WHAT YOU SHOULD DO
Every line below from the one containing "354.397C343.634 383.178 321.899" through the one containing "300.456C517.044 326.256 495.854" must be transcribed exactly. Omit all lines outside that stretch.

::: RECORDS SHOWN :::

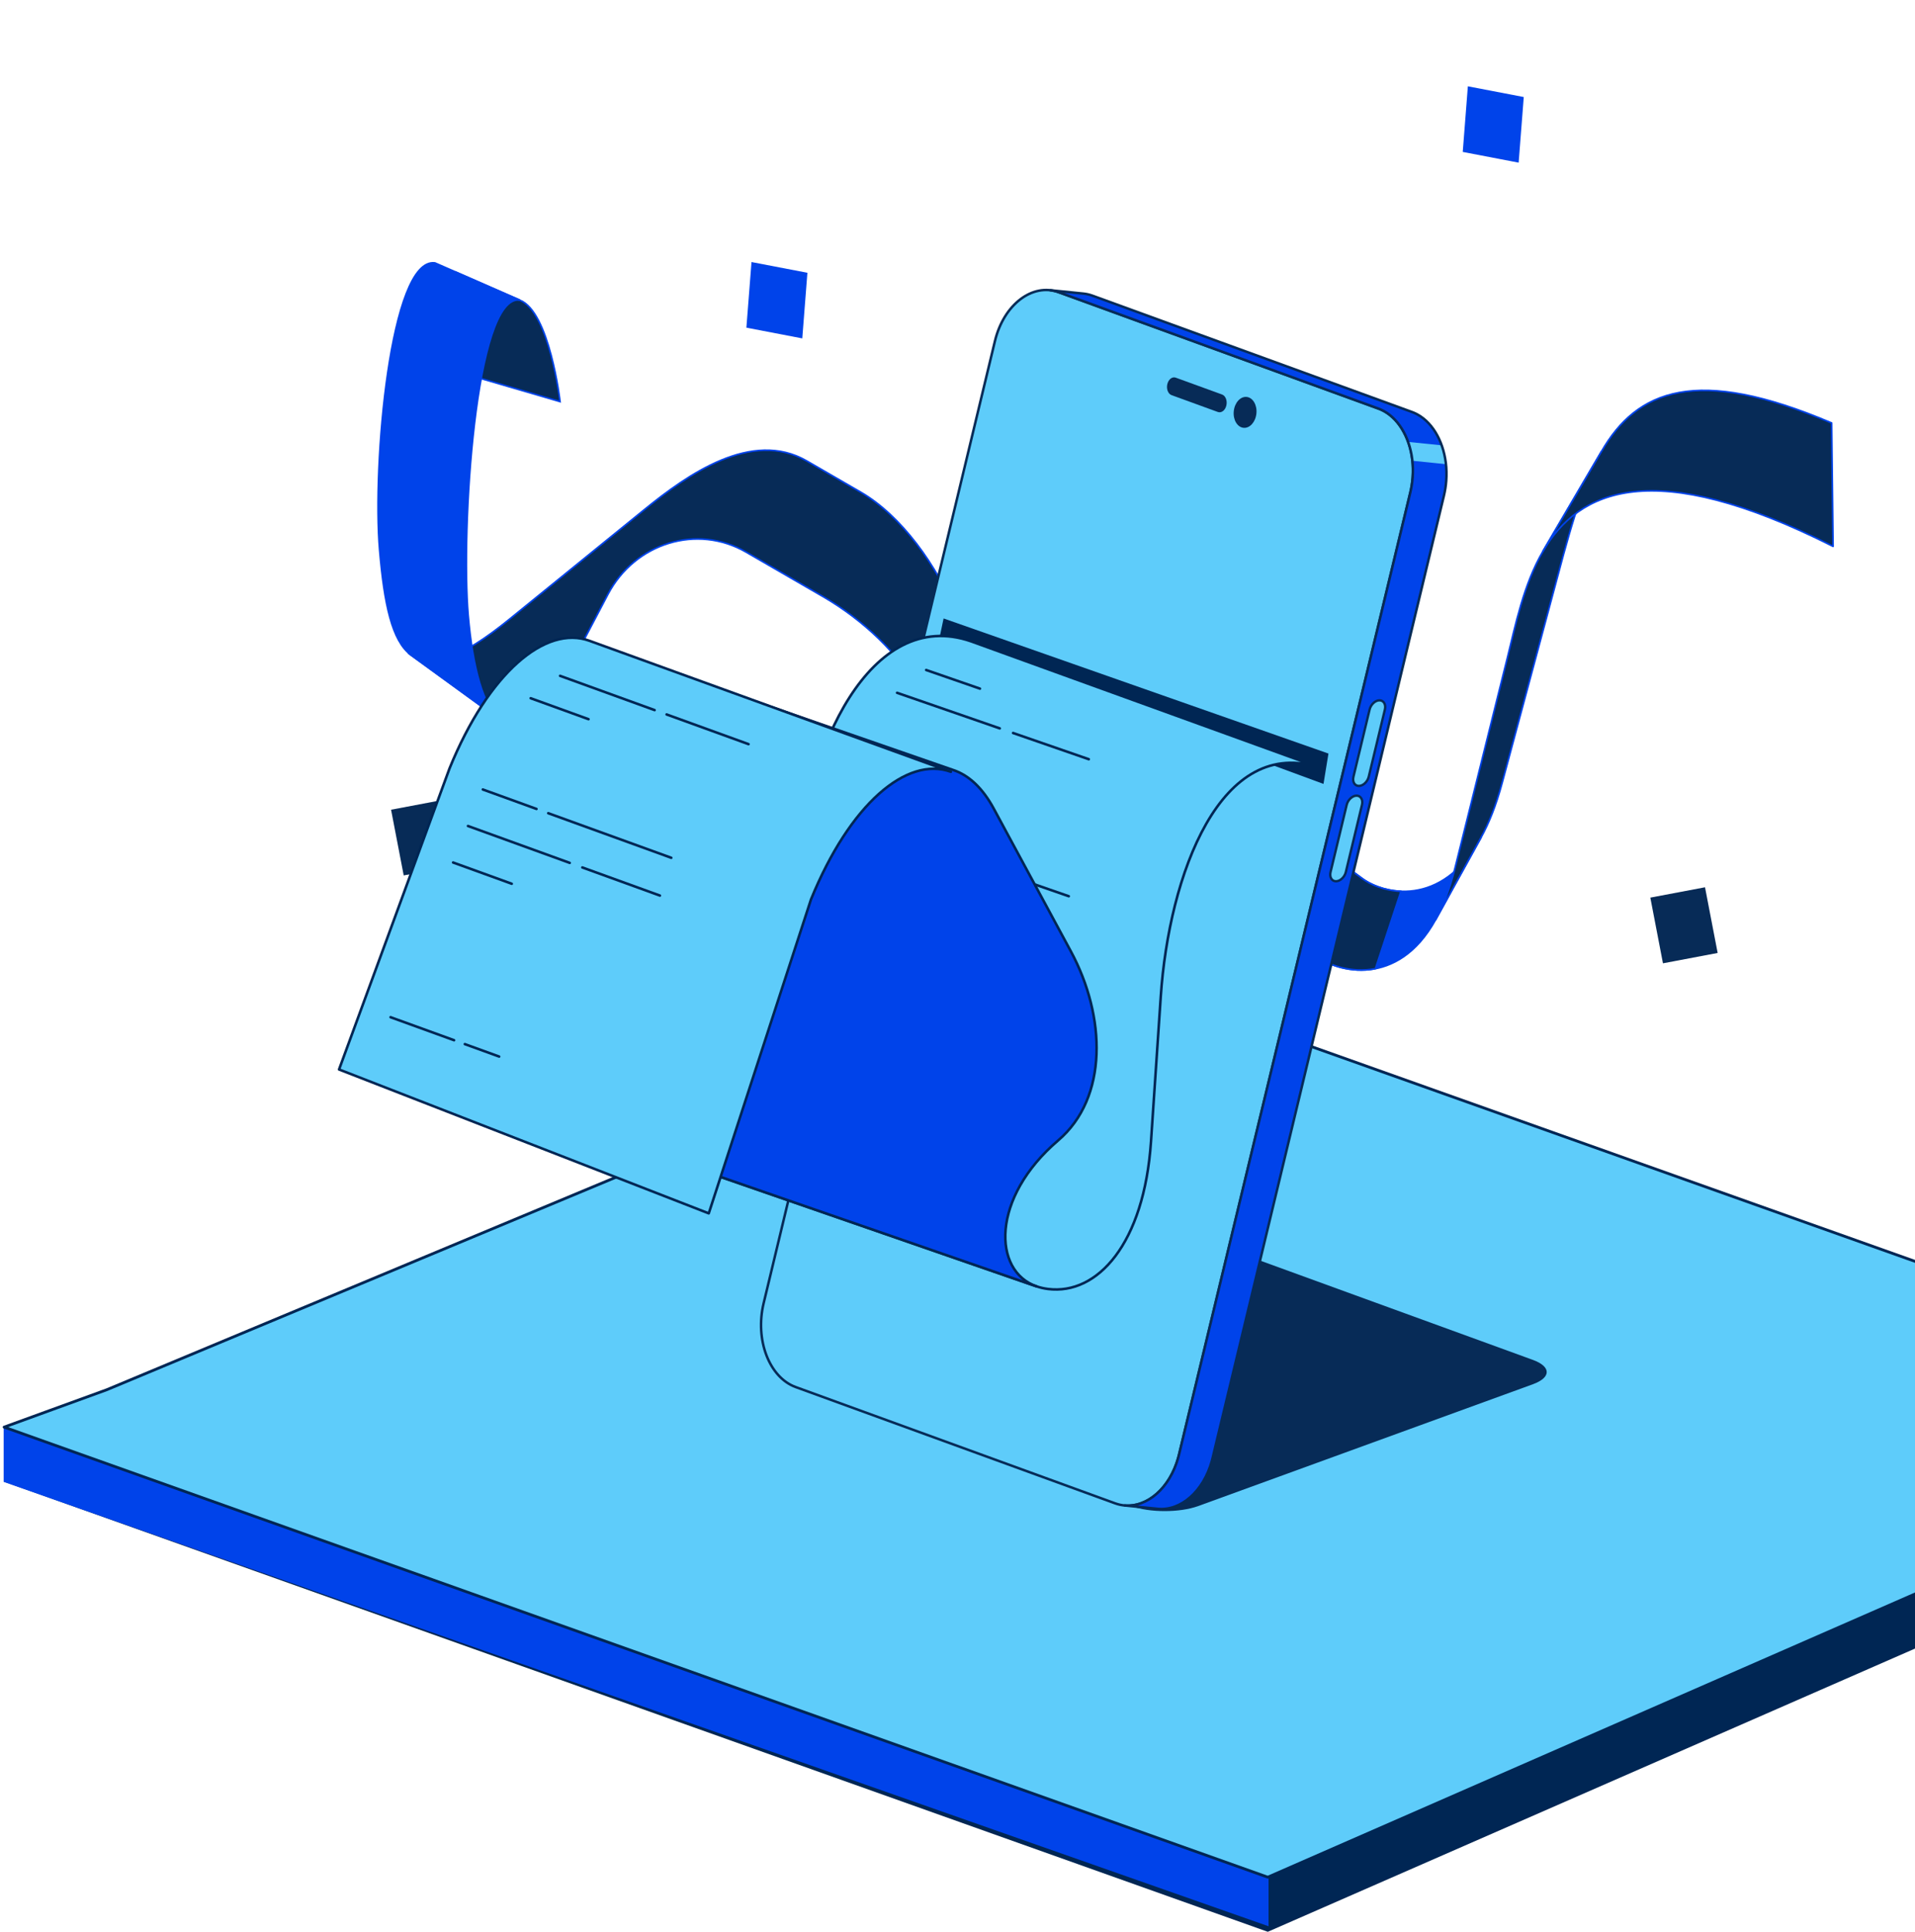 <svg width="687" height="693" viewBox="0 0 687 693" fill="none" xmlns="http://www.w3.org/2000/svg">
<path d="M179.613 258.369C186.01 263.021 194.917 257.27 206.488 235.275L218.09 213.208C227.806 194.73 250.106 187.899 267.64 198.039L295.12 213.932C324.292 230.796 346.98 263.413 328.517 284.771C323.592 290.47 338.929 272.678 343.708 267.176C360.672 247.63 337.607 193.213 308.774 176.542L289.415 165.347C269.664 153.924 246.514 170.343 231.371 182.649L182.661 222.206C164.997 236.547 154.209 239.917 147.432 234.988C140.574 230.001 173.392 253.867 179.607 258.379L179.613 258.369Z" fill="#072B57" stroke="#0043EA" stroke-width="0.591" stroke-miterlimit="10"/>
<path d="M328.52 284.753C328.576 284.686 328.632 284.62 328.694 284.542C327.39 286.056 327.057 286.438 328.52 284.753Z" fill="#0043EA" stroke="#072B57" stroke-width="0.591" stroke-linecap="round" stroke-linejoin="round"/>
<path d="M340.543 214.223C340.92 233.47 336.506 244.393 330.434 249.105C336.711 261.503 337.391 274.304 328.688 284.552C331.773 280.976 340.344 271.032 343.703 267.159C353.215 256.201 350.145 234.3 340.535 214.225L340.543 214.223Z" fill="#0043EA" stroke="#0043EA" stroke-width="0.591" stroke-linecap="round" stroke-linejoin="round"/>
<path d="M186.439 107.647C197.197 111.781 200.919 144.067 200.919 144.067L167.466 134.304L163.63 97.661L186.44 107.656L186.439 107.647Z" fill="#072B57" stroke="#0043EA" stroke-width="0.591" stroke-miterlimit="10"/>
<path d="M156.01 94.31C139.973 92.242 133.587 166.945 136.185 197.311C137.826 216.509 140.587 229.981 147.445 234.968C154.229 239.896 186.012 263.022 179.62 258.359C173.403 253.838 169.567 239.505 167.956 220.69C165.358 190.324 170.406 105.559 186.445 107.636L156.018 94.308L156.01 94.31Z" fill="#0043EA" stroke="#0043EA" stroke-width="0.591" stroke-linecap="round" stroke-linejoin="round"/>
<path d="M355.957 354.397C343.634 383.178 321.899 408.067 283.73 391.209L246.519 374.773C220.226 363.163 202.781 332.393 208.104 307.349L197.483 356.987C192.947 378.199 207.799 401.087 232.864 412.163L270.076 428.6C303.153 443.207 325.421 426.008 336.251 401.08C338.747 395.328 355.957 354.397 355.957 354.397Z" fill="#0043EA" stroke="#0043EA" stroke-width="0.591" stroke-linecap="round" stroke-linejoin="round"/>
<path d="M208.114 307.357L197.494 356.994C192.957 378.206 207.809 401.095 232.875 412.171L242.972 416.632C255.877 414.425 280.012 408.778 297.534 395.7C293.197 394.831 288.603 393.364 283.748 391.215L246.536 374.779C220.244 363.169 202.798 332.399 208.122 307.355L208.114 307.357Z" fill="#072B57" stroke="#0043EA" stroke-width="0.591" stroke-miterlimit="10"/>
<path d="M336.585 400.308L356.254 353.707" stroke="#072B57" stroke-width="0.591" stroke-linecap="round" stroke-linejoin="round"/>
<path d="M394.82 291.091C382.867 292.42 375.66 303.047 371.521 313.916L358.3 348.602C357.56 350.541 356.78 352.479 355.959 354.397L336.252 401.079C338.748 395.328 340.637 389.16 341.908 382.883L353.043 327.89C355.686 314.833 362.766 294.598 375.451 293.224L394.818 291.082L394.82 291.091Z" fill="#072B57" stroke="#0043EA" stroke-width="0.591" stroke-linecap="round" stroke-linejoin="round"/>
<path d="M531.307 300.456C517.044 326.256 495.854 320.549 488.649 315.102C480.005 308.56 475.405 306.37 466.399 308.92C457.392 311.462 448.902 318.68 437.829 311.305L419.553 299.114C409.636 292.501 401.491 290.351 394.826 291.089L375.459 293.231C380.493 292.68 386.415 295.107 393.296 302.141L416.13 325.477C425.797 335.36 436.293 338.377 445.299 335.826C454.306 333.285 463.775 336.572 472.426 343.112C479.64 348.567 501.397 354.559 515.007 329.939L531.305 300.447L531.307 300.456Z" fill="#0043EA" stroke="#0043EA" stroke-width="0.591" stroke-linecap="round" stroke-linejoin="round"/>
<path d="M444.281 314.147L425.434 332.808C429.495 335.124 433.566 336.362 437.501 336.615L459.303 311.555C454.534 313.51 449.685 315.332 444.279 314.139L444.281 314.147Z" fill="#072B57" stroke="#0043EA" stroke-width="0.591" stroke-linecap="round" stroke-linejoin="round"/>
<path d="M328.535 284.741L343.745 267.123" stroke="#072B57" stroke-width="0.591" stroke-linecap="round" stroke-linejoin="round"/>
<path d="M328.522 284.752C323.598 290.451 315.741 295.352 304.299 298.927L241.323 318.644C214.226 327.128 200.778 341.619 197.489 356.977C197.489 356.977 202.787 332.383 208.11 307.339C211.54 291.22 224.396 277.479 250.403 272.738L266.88 269.735C289.922 265.54 310.967 272.612 319.085 273.738C330.975 275.381 338.931 272.641 343.71 267.139C343.71 267.139 346.982 263.376 328.519 284.734L328.522 284.752Z" fill="#0043EA" stroke="#0043EA" stroke-width="0.591" stroke-linecap="round" stroke-linejoin="round"/>
<path d="M574.497 162.005C566.844 175.348 562.331 193.585 557.029 213.326L538.869 280.933C536.733 288.877 534.162 295.302 531.3 300.458L515.002 329.95C517.714 325.046 520.1 318.936 521.985 311.358L540.792 235.854C543.65 224.369 546.546 209.638 553.578 197.672L574.497 162.005Z" fill="#072B57" stroke="#0043EA" stroke-width="0.591" stroke-linecap="round" stroke-linejoin="round"/>
<path d="M657.098 151.734C608.719 131.125 587.245 139.767 574.493 161.998L553.575 197.665C566.359 175.91 592.813 163.313 657.615 196L657.096 151.725L657.098 151.734Z" fill="#072B57" stroke="#0043EA" stroke-width="0.591" stroke-linecap="round" stroke-linejoin="round"/>
<path d="M301.495 270.234C286.61 278.767 263.477 294.533 252.663 315.097L304.299 298.926C315.74 295.342 323.598 290.449 328.522 284.751C346.986 263.393 343.713 267.156 343.713 267.156C338.935 272.658 330.979 275.398 319.089 273.754C315.467 273.253 309.278 271.575 301.495 270.234Z" fill="#072B57" stroke="#0043EA" stroke-width="0.591" stroke-linecap="round" stroke-linejoin="round"/>
<path d="M309.106 271.722C294.87 279.02 274.064 293.598 260.969 312.483" stroke="#0043EA" stroke-width="0.591" stroke-linecap="round" stroke-linejoin="round"/>
<path d="M461.572 336.947C465.268 338.362 468.909 340.465 472.421 343.123C476.342 346.089 484.556 349.2 493.427 347.484L502.594 319.723C496.607 319.481 491.517 317.277 488.65 315.103C484.31 311.821 480.986 309.636 477.618 308.592L461.58 336.946L461.572 336.947Z" fill="#072B57" stroke="#0043EA" stroke-width="0.591" stroke-linecap="round" stroke-linejoin="round"/>
<path d="M546.644 34.806L526.59 30.957L524.755 54.498L544.81 58.347L546.644 34.806Z" fill="#0043EA"/>
<path d="M403.99 563.159L383.936 559.31L382.101 582.85L402.155 586.699L403.99 563.159Z" fill="#0043EA"/>
<path d="M289.653 97.848L269.599 93.999L267.764 117.54L287.818 121.389L289.653 97.848Z" fill="#0043EA"/>
<path d="M611.669 318.283L592.048 321.995L596.582 345.558L616.203 341.845L611.669 318.283Z" fill="#072B57"/>
<path d="M159.915 286.752L140.294 290.464L144.828 314.027L164.449 310.314L159.915 286.752Z" fill="#072B57"/>
<path d="M1.471 511.935L396.413 368.664L837.39 505.993V525.578L454.818 692.972L1.471 531.52V511.935Z" fill="#002654"/>
<path d="M384.836 477.548L4.202 512.232H1.312V531.575L455.093 690.987V672.311L384.836 477.548Z" fill="#0043EA"/>
<path d="M38.265 498.543L396.413 349.079L837.39 505.993L454.818 673.385L1.471 511.935L38.265 498.543Z" fill="#5ECCFA" stroke="#002654" stroke-width="1.001" stroke-linecap="round" stroke-linejoin="round"/>
<path d="M549.936 487.826C556.526 490.227 556.526 494.149 549.936 496.55L429.832 540.261C423.242 542.662 412.455 542.662 405.856 540.261L282.861 495.492C276.271 493.091 276.271 489.169 282.861 486.767L402.965 443.057C409.555 440.656 420.343 440.656 426.942 443.057L549.936 487.826Z" fill="#072B57"/>
<path d="M379.868 104.845C370.37 101.385 360.08 109.247 356.923 122.364L273.949 467.505C270.791 480.623 275.95 494.105 285.448 497.565L400.038 539.274C409.536 542.734 419.826 534.872 422.983 521.754L505.957 176.605C509.115 163.487 503.956 150.005 494.458 146.545L379.868 104.836V104.845Z" fill="#5ECCFA" stroke="#072B57" stroke-width="0.889" stroke-miterlimit="10"/>
<path d="M495.312 146.892C495.028 146.768 494.752 146.652 494.459 146.554L379.868 104.844C378.792 104.453 377.707 104.204 376.613 104.097L388.655 105.316C389.74 105.423 390.825 105.672 391.91 106.063L506.5 147.773C506.785 147.879 507.069 147.995 507.354 148.11C513.499 150.805 517.661 157.813 518.684 166.048C518.942 168.12 518.995 170.273 518.835 172.451C518.702 174.23 518.426 176.027 517.999 177.823L435.025 522.964C434.945 523.311 434.856 523.658 434.758 523.995C431.725 535.041 423.57 542.067 415.335 541.24L403.293 540.021C411.528 540.848 419.684 533.823 422.716 522.777C422.805 522.439 422.894 522.092 422.983 521.746L505.958 176.605C506.385 174.808 506.66 173.012 506.794 171.233C506.954 169.054 506.9 166.902 506.643 164.83C505.62 156.595 501.458 149.587 495.312 146.892Z" fill="#0043EA"/>
<path d="M506.688 165.284C506.67 165.132 506.661 164.981 506.643 164.83C506.368 162.616 505.861 160.499 505.158 158.525L517.2 159.743C517.902 161.717 518.418 163.834 518.685 166.048C518.703 166.2 518.712 166.351 518.729 166.502L506.688 165.284Z" fill="#5ECCFA"/>
<path d="M421.799 135.473C420.545 135.02 419.194 136.051 418.776 137.785C418.358 139.52 419.042 141.289 420.287 141.743L436.909 147.79C438.163 148.244 439.524 147.221 439.942 145.487C440.36 143.753 439.675 141.983 438.421 141.521L421.799 135.473Z" fill="#072B57"/>
<path d="M446.11 153.464C443.867 153.238 442.299 150.575 442.607 147.515C442.916 144.456 444.985 142.16 447.228 142.386C449.471 142.612 451.039 145.276 450.73 148.335C450.422 151.394 448.353 153.69 446.11 153.464Z" fill="#072B57"/>
<path d="M495.312 146.892C495.028 146.768 494.752 146.652 494.459 146.554L379.868 104.844C378.792 104.453 377.707 104.204 376.613 104.097L388.655 105.316C389.74 105.423 390.825 105.672 391.91 106.063L506.5 147.773C506.785 147.879 507.069 147.995 507.354 148.11C513.499 150.805 517.661 157.813 518.684 166.048C518.942 168.12 518.995 170.273 518.835 172.451C518.702 174.23 518.426 176.027 517.999 177.823L435.025 522.964C434.945 523.311 434.856 523.658 434.758 523.995C431.725 535.041 423.57 542.067 415.335 541.24L403.293 540.021C411.528 540.848 419.684 533.823 422.716 522.777C422.805 522.439 422.894 522.092 422.983 521.745L505.958 176.605C506.385 174.808 506.66 173.012 506.794 171.233C506.954 169.054 506.9 166.902 506.643 164.83C505.62 156.595 501.458 149.587 495.312 146.892Z" stroke="#072B57" stroke-width="0.889" stroke-miterlimit="10"/>
<path d="M491.035 278.611C490.599 280.434 489.007 281.928 487.495 281.928C485.983 281.928 485.112 280.452 485.548 278.629L491.337 254.537C491.773 252.714 493.365 251.22 494.877 251.22C496.389 251.22 497.26 252.696 496.824 254.519L491.035 278.602V278.611Z" fill="#5ECCFA" stroke="#072B57" stroke-width="0.845" stroke-miterlimit="10" stroke-linecap="round"/>
<path d="M482.818 312.806C482.382 314.629 480.79 316.123 479.278 316.123C477.767 316.123 476.895 314.647 477.331 312.824L483.12 288.732C483.556 286.909 485.148 285.415 486.66 285.415C488.172 285.415 489.043 286.891 488.607 288.714L482.818 312.797V312.806Z" fill="#5ECCFA" stroke="#072B57" stroke-width="0.845" stroke-miterlimit="10" stroke-linecap="round"/>
<path d="M476.58 270.317L338.511 221.848L336.732 230.297L474.801 281.211L476.58 270.317Z" fill="#002654"/>
<path d="M474.036 275.568C437.76 263.001 419.34 314.099 416.424 357.408L412.916 409.501C410.442 446.245 393.67 464.608 375.99 462.385C374.509 462.199 373.125 461.879 371.841 461.437L241.463 416.27C242.761 416.721 244.163 417.048 245.665 417.237C263.345 419.459 280.117 401.097 282.591 364.352L286.099 312.26C289.016 268.95 312.112 217.498 348.389 230.065L474.036 275.568Z" fill="#5ECCFA" stroke="#002654" stroke-width="0.913" stroke-linecap="round" stroke-linejoin="round"/>
<path d="M332.258 240.344L351.553 247.029" stroke="#002654" stroke-width="0.913" stroke-linecap="round" stroke-linejoin="round"/>
<path d="M363.437 262.94L390.6 272.349" stroke="#002654" stroke-width="0.913" stroke-linecap="round" stroke-linejoin="round"/>
<path d="M321.822 248.523L358.659 261.284" stroke="#002654" stroke-width="0.913" stroke-linecap="round" stroke-linejoin="round"/>
<path d="M314.642 297.667L383.421 321.495" stroke="#002654" stroke-width="0.913" stroke-linecap="round" stroke-linejoin="round"/>
<path d="M241.497 416.282C224.963 410.554 225.187 384.512 249.288 363.945C267.257 348.611 266.462 319.477 253.845 296.125L226.17 244.905C222.2 237.558 217.325 233.062 211.963 231.188L342.222 276.313C347.61 278.175 352.509 282.676 356.495 290.053L384.17 341.273C396.787 364.626 397.582 393.759 379.613 409.093C355.486 429.683 356.072 455.983 371.875 461.449L241.497 416.282Z" fill="#0043EA" stroke="#002654" stroke-width="0.913" stroke-linecap="round" stroke-linejoin="round"/>
<path d="M121.632 383.638L161.273 275.635C175.253 241.313 195.69 224.093 211.519 229.883L341.122 276.859C325.302 271.14 304.903 288.36 290.942 322.635L254.264 435.259L121.632 383.638Z" fill="#5ECCFA" stroke="#002654" stroke-width="0.913" stroke-linecap="round" stroke-linejoin="round"/>
<path d="M239.138 256.287L268.532 266.941" stroke="#002654" stroke-width="0.913" stroke-linecap="round" stroke-linejoin="round"/>
<path d="M200.929 242.438L234.844 254.731" stroke="#002654" stroke-width="0.913" stroke-linecap="round" stroke-linejoin="round"/>
<path d="M196.684 291.713L240.817 307.71" stroke="#002654" stroke-width="0.913" stroke-linecap="round" stroke-linejoin="round"/>
<path d="M173.216 283.206L192.463 290.183" stroke="#002654" stroke-width="0.913" stroke-linecap="round" stroke-linejoin="round"/>
<path d="M208.906 311.172L236.744 321.263" stroke="#002654" stroke-width="0.913" stroke-linecap="round" stroke-linejoin="round"/>
<path d="M167.882 296.302L204.386 309.534" stroke="#002654" stroke-width="0.913" stroke-linecap="round" stroke-linejoin="round"/>
<path d="M162.546 309.397L183.589 317.024" stroke="#002654" stroke-width="0.913" stroke-linecap="round" stroke-linejoin="round"/>
<path d="M166.756 374.546L179.074 379.012" stroke="#002654" stroke-width="0.913" stroke-linecap="round" stroke-linejoin="round"/>
<path d="M140.114 364.89L162.902 373.15" stroke="#002654" stroke-width="0.913" stroke-linecap="round" stroke-linejoin="round"/>
<path d="M190.38 250.468L211.127 257.988" stroke="#002654" stroke-width="0.913" stroke-linecap="round" stroke-linejoin="round"/>
</svg>

:::

OUTPUT OF THE TASK
<path d="M355.957 354.397C343.634 383.178 321.899 408.067 283.73 391.209L246.519 374.773C220.226 363.163 202.781 332.393 208.104 307.349L197.483 356.987C192.947 378.199 207.799 401.087 232.864 412.163L270.076 428.6C303.153 443.207 325.421 426.008 336.251 401.08C338.747 395.328 355.957 354.397 355.957 354.397Z" fill="#0043EA" stroke="#0043EA" stroke-width="0.591" stroke-linecap="round" stroke-linejoin="round"/>
<path d="M208.114 307.357L197.494 356.994C192.957 378.206 207.809 401.095 232.875 412.171L242.972 416.632C255.877 414.425 280.012 408.778 297.534 395.7C293.197 394.831 288.603 393.364 283.748 391.215L246.536 374.779C220.244 363.169 202.798 332.399 208.122 307.355L208.114 307.357Z" fill="#072B57" stroke="#0043EA" stroke-width="0.591" stroke-miterlimit="10"/>
<path d="M336.585 400.308L356.254 353.707" stroke="#072B57" stroke-width="0.591" stroke-linecap="round" stroke-linejoin="round"/>
<path d="M394.82 291.091C382.867 292.42 375.66 303.047 371.521 313.916L358.3 348.602C357.56 350.541 356.78 352.479 355.959 354.397L336.252 401.079C338.748 395.328 340.637 389.16 341.908 382.883L353.043 327.89C355.686 314.833 362.766 294.598 375.451 293.224L394.818 291.082L394.82 291.091Z" fill="#072B57" stroke="#0043EA" stroke-width="0.591" stroke-linecap="round" stroke-linejoin="round"/>
<path d="M531.307 300.456C517.044 326.256 495.854 320.549 488.649 315.102C480.005 308.56 475.405 306.37 466.399 308.92C457.392 311.462 448.902 318.68 437.829 311.305L419.553 299.114C409.636 292.501 401.491 290.351 394.826 291.089L375.459 293.231C380.493 292.68 386.415 295.107 393.296 302.141L416.13 325.477C425.797 335.36 436.293 338.377 445.299 335.826C454.306 333.285 463.775 336.572 472.426 343.112C479.64 348.567 501.397 354.559 515.007 329.939L531.305 300.447L531.307 300.456Z" fill="#0043EA" stroke="#0043EA" stroke-width="0.591" stroke-linecap="round" stroke-linejoin="round"/>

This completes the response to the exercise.